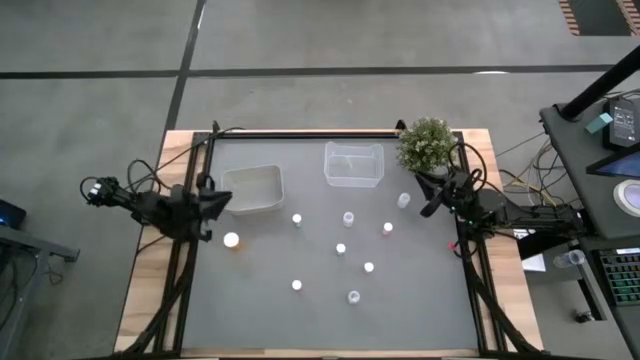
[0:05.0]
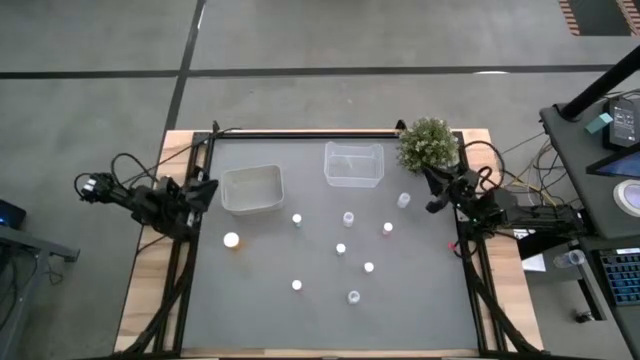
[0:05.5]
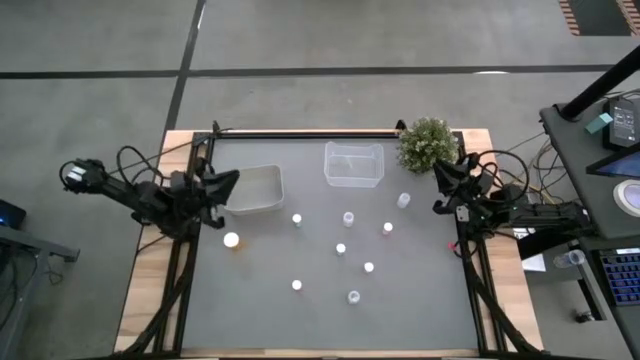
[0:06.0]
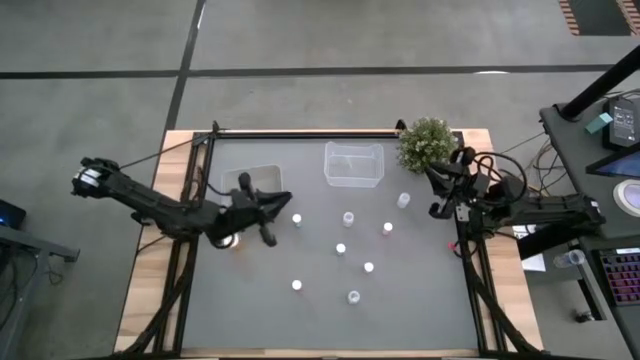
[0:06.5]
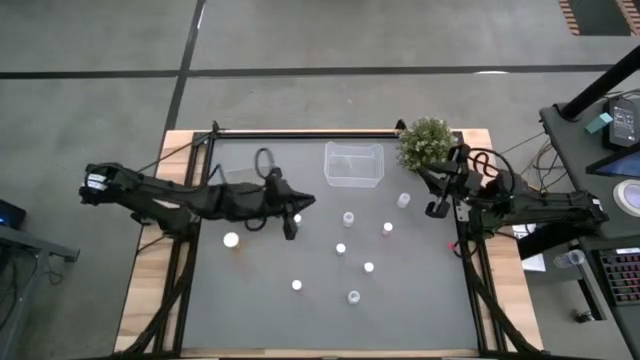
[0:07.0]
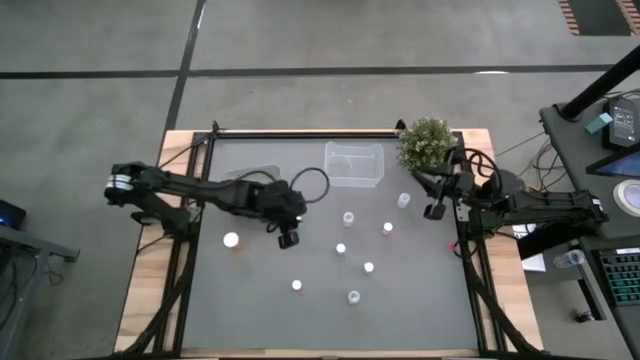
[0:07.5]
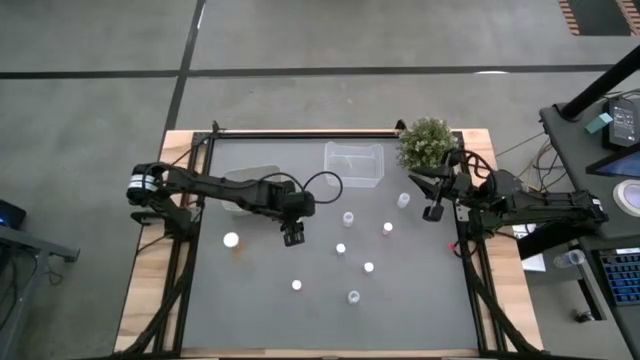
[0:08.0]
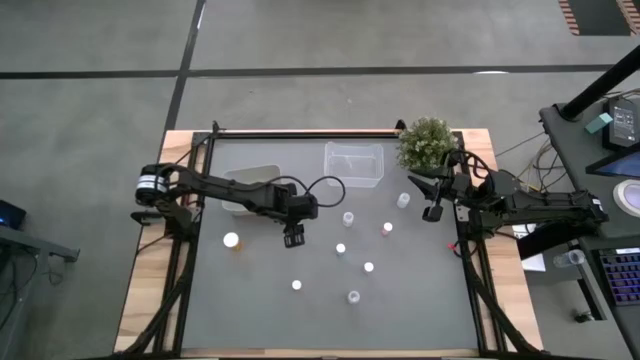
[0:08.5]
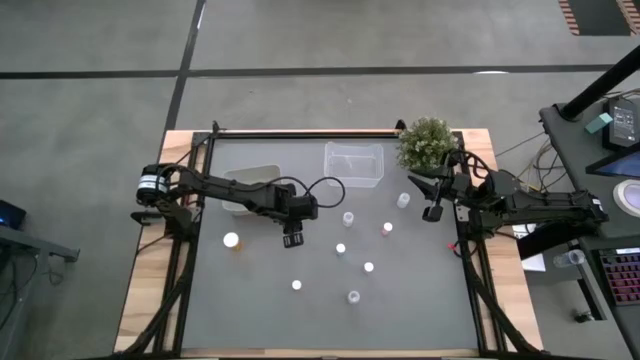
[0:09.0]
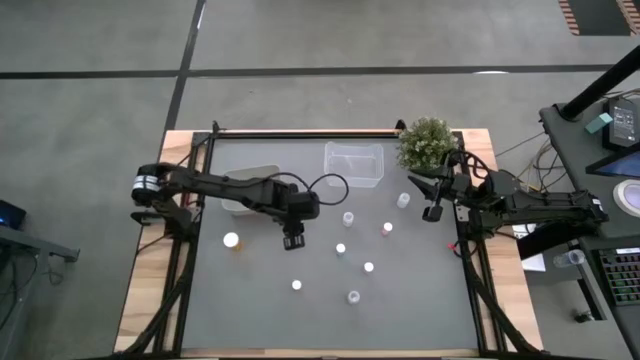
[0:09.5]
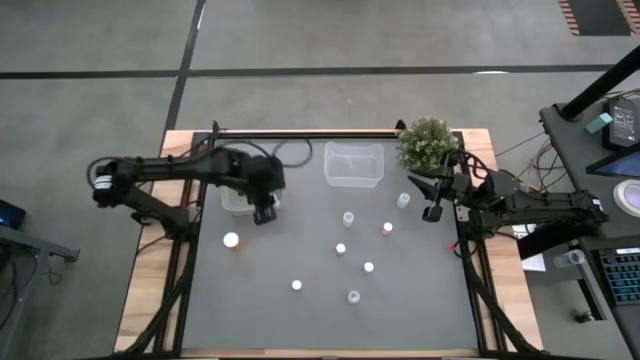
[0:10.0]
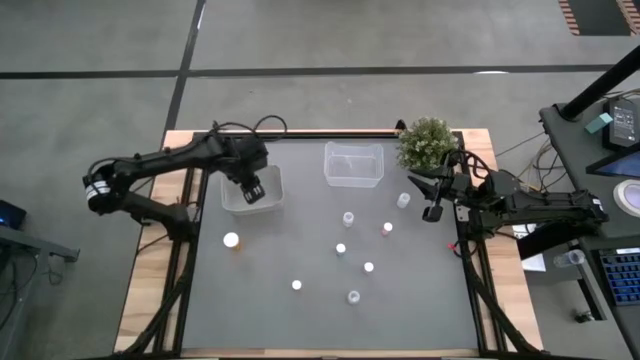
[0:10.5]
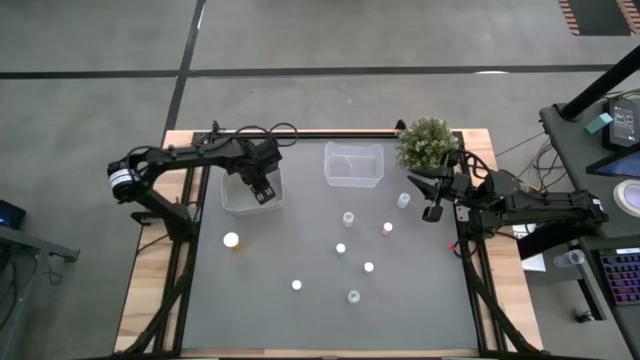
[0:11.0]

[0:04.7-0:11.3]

——————————

Write the material above out again exactly as it reads, but don't carry over the pictures.

*The answer*
[0:05.0]
[0:05.5]
[0:06.0]
[0:06.5]
[0:07.0]
[0:07.5]
[0:08.0]
[0:08.5]
[0:09.0]
[0:09.5]
[0:10.0]
[0:10.5]
[0:11.0]

[0:04.7-0:11.3]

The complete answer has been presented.